Problem $18$ in the Annual MIT Integration Bee cleverly uses the year $2017$
$$\int_0^{\pi/2} \frac 1 {1+\tan^{2017} x} \, dx = \dfrac{\pi}{4}$$
There is a solution on MSE at MIT Integration Bee 2017 problem:$\int_0^{\pi/2}\frac 1 {1+\tan^{2017} x} \, dx$ : Need hints
My question is if it is possible to always get such a clean solution by modifying the year to the current year (each year) and by changing the limits of integration?
Can a general form be found to meet that criteria?
If you follow through the linked solution the fact that the exponent is $2017$ is not used at all. For any real $a$ we have $\int_0^{\pi/2} \frac 1{1+tan^a(x)}dx=\frac \pi 4$. It does depend on the limits of integration being $0$ and $\frac \pi 2$ so the reflection works.
Substitute the following definition of $\tan x$ as the quotient of $\sin x$ and $\cos x$ into the integral. $$\tan x=\dfrac{\sin x}{\cos x}\implies I=\int_{0}^{\pi/2} \dfrac{\cos^{2017} x}{\sin^{2017} x + \cos^{2017} x} dx \tag1$$ Now use the reflective property of Integrals stated as follows $$\int_a^b f(x)dx =\int_a^b f(a+b-x) dx \tag2$$ to obtain the equivalent of $I$ as $$I=\int_0^{\pi/2} \dfrac{\sin^{2017} x}{\sin^{2017} x +\cos^{2017} x}dx \tag3$$ Add Equations $(1)$ and $(3)$ to get $2I=\int_{0}^{\pi/2} dx$ which gives you the value of $I$ as $\frac{\pi}{4}$.

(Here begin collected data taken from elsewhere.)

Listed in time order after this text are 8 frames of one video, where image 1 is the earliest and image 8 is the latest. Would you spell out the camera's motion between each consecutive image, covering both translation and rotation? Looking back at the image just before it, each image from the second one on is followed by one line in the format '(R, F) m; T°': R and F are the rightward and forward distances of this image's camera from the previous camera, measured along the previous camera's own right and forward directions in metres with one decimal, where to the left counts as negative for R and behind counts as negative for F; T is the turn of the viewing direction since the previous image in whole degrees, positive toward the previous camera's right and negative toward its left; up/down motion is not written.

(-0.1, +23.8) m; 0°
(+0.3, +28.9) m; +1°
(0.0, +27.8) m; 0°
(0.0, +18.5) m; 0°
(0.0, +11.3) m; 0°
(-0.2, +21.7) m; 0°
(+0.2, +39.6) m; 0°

My question is if it is possible to always get such a clean solution by modifying the year to the current year (each year) and by changing the limits of integration?

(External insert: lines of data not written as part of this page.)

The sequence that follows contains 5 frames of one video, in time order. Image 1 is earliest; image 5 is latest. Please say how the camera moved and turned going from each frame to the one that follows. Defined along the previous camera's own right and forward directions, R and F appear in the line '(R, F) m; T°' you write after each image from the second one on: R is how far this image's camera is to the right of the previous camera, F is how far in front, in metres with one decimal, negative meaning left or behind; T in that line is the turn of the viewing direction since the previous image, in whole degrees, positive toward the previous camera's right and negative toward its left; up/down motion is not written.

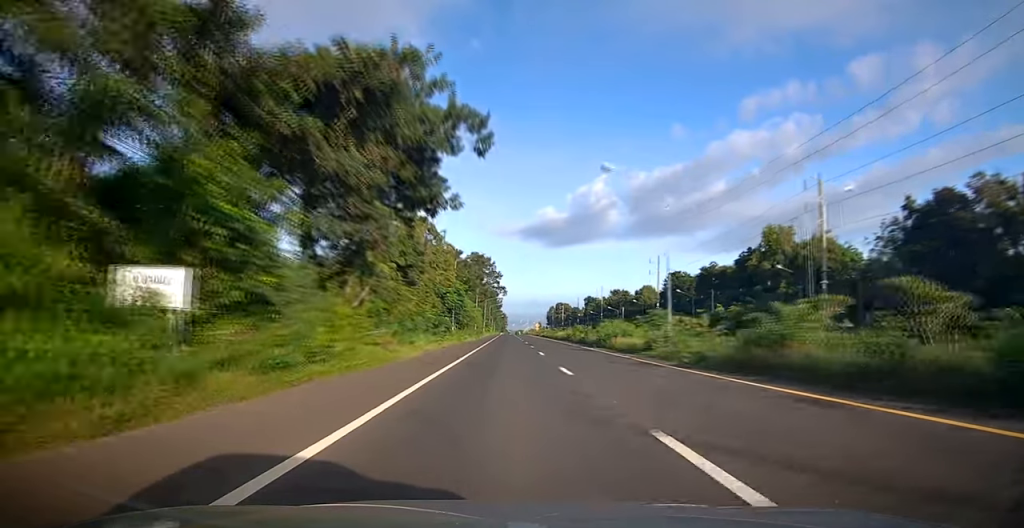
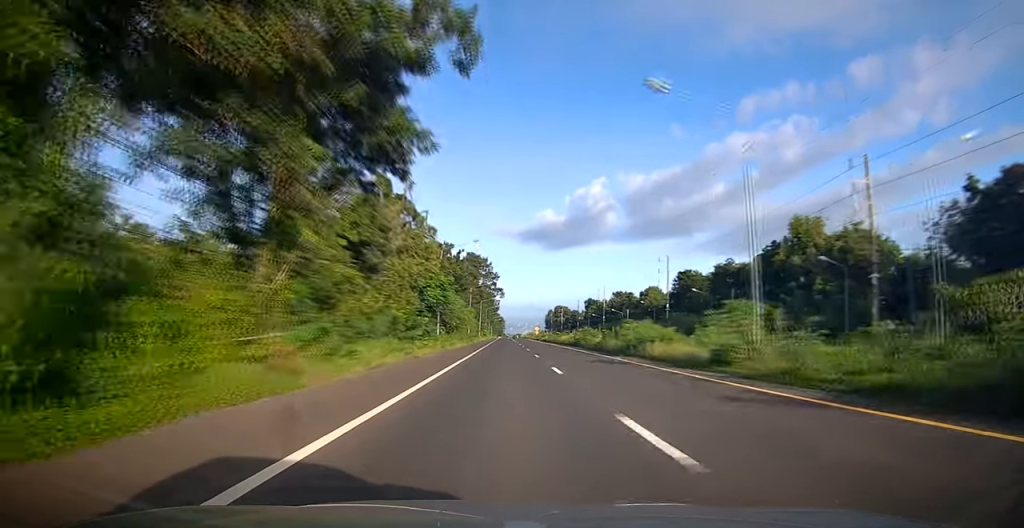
(0.0, +10.3) m; 0°
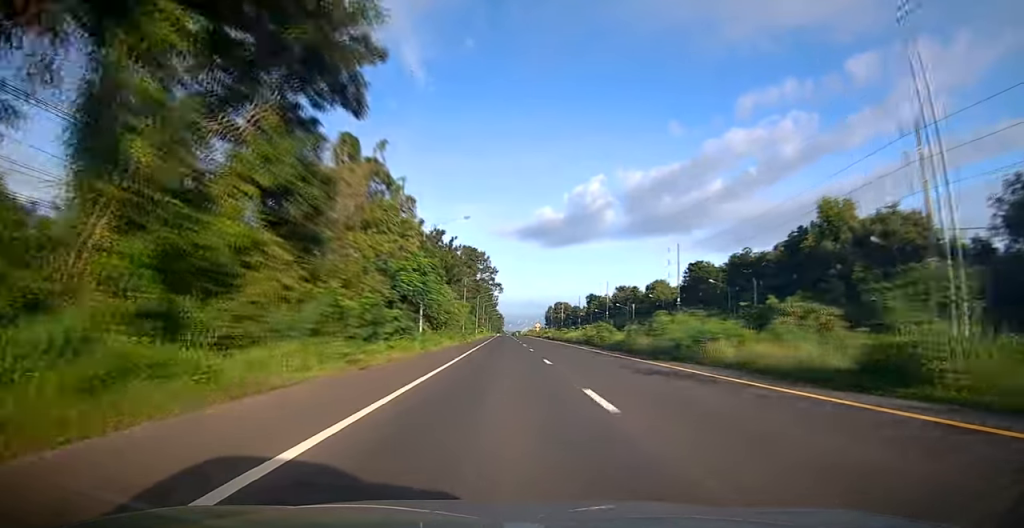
(0.0, +8.8) m; 0°
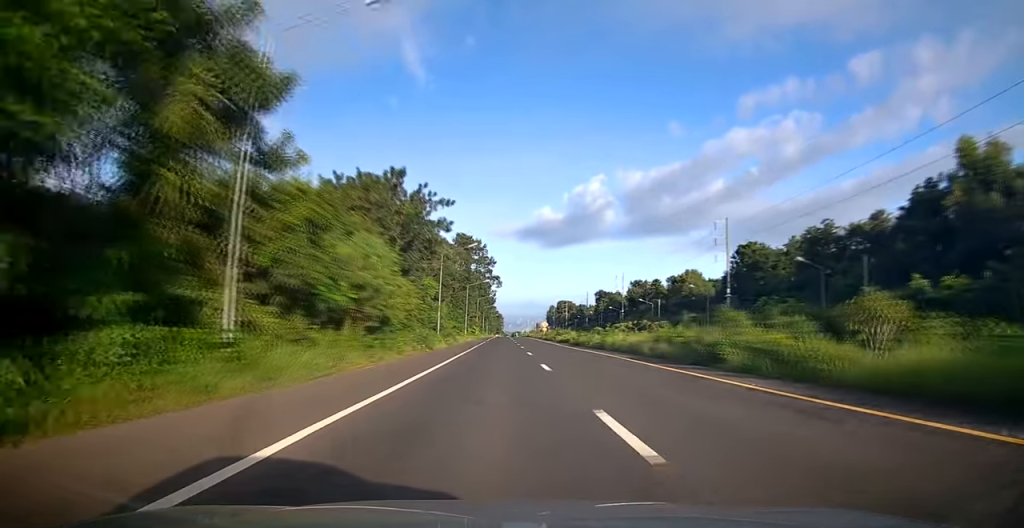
(0.0, +27.4) m; 0°
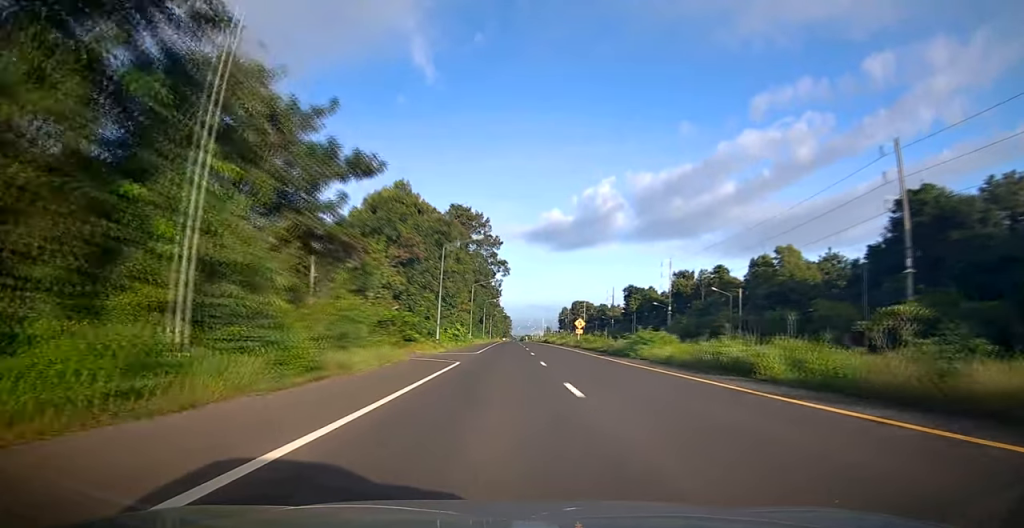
(+0.2, +41.6) m; 0°

Sure, but here's some more neatness to this integral, you need not even change the limits of integration each year to get the ${\pi}/{4}$. In fact one might as well prove that the integral denoted $I_n=\int_{a}^{b} \frac{1}{1+\tan^n x} dx$ is independent of $n$.

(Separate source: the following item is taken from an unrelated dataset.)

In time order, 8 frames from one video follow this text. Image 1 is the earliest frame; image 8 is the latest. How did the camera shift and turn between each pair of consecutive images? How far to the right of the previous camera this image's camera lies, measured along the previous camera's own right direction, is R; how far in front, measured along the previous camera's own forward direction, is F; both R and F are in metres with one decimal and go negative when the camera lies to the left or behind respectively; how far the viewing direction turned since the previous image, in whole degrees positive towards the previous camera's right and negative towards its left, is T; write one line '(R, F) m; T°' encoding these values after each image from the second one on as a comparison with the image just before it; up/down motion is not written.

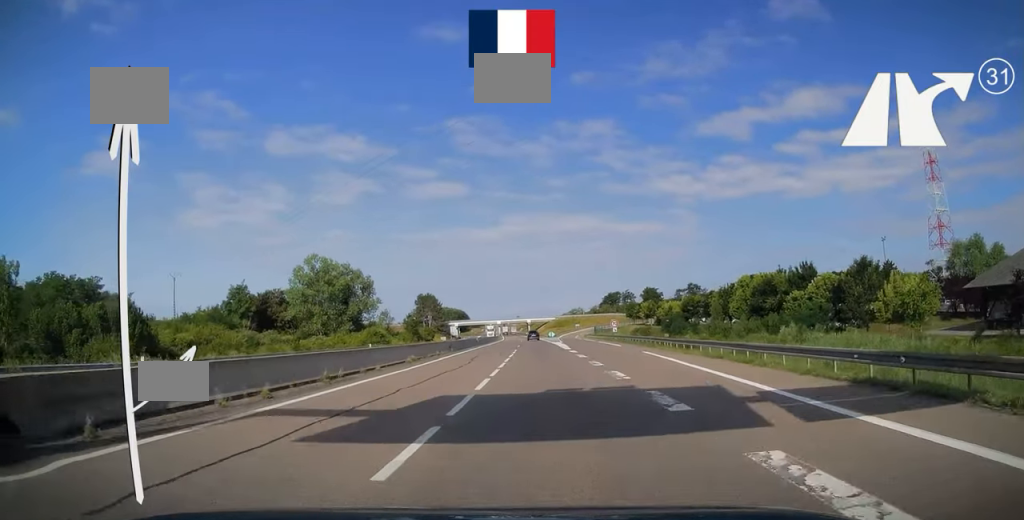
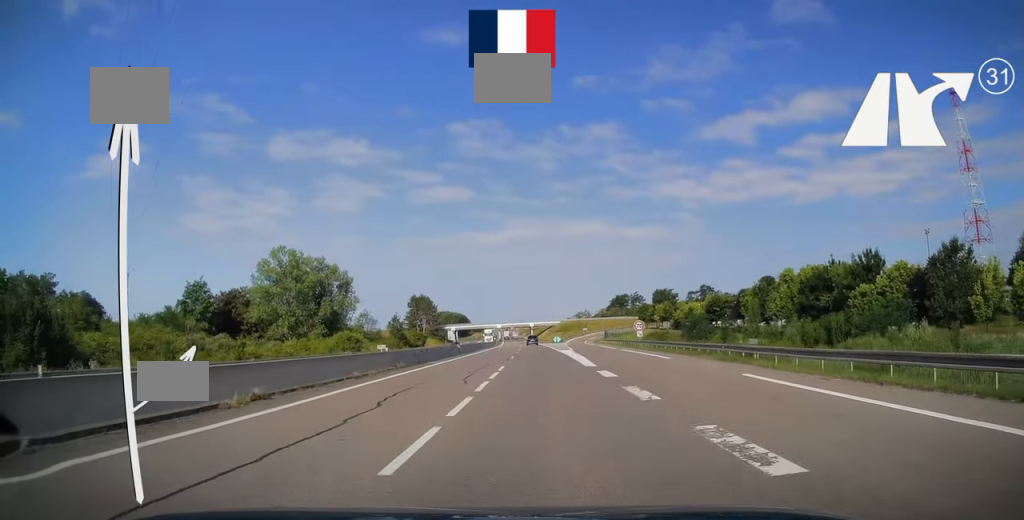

In fact while setting an integral like this you might wanna experiment with the limits of integration to get even more elegant results. But for the reflective property i.e. equation $(2)$ to hold, the following needs to hold true: $a+b=\pi/2$
Exercise
$$\int_0^{\pi/2} \frac 1 {1+\tan^{2017} x} \, dx = \dfrac{\pi}{4}$$ This uses the transformation $$I=\int_a^bf(x) dx = \int_a^bf(a+b-x) dx$$ Then, when they are added, $$2I = \int_a^b1 dx=b-a$$ $$I=\frac{b-a}{2} \text{, as long as } a+b =\pi/2$$
As another example
$$\int_{\pi/6}^{\pi/3} \frac 1 {1+\tan^{2017} x} \, dx = \pi/12$$
Note that the year, or the power to which $\tan(x)$ is raised to, doesn't matter.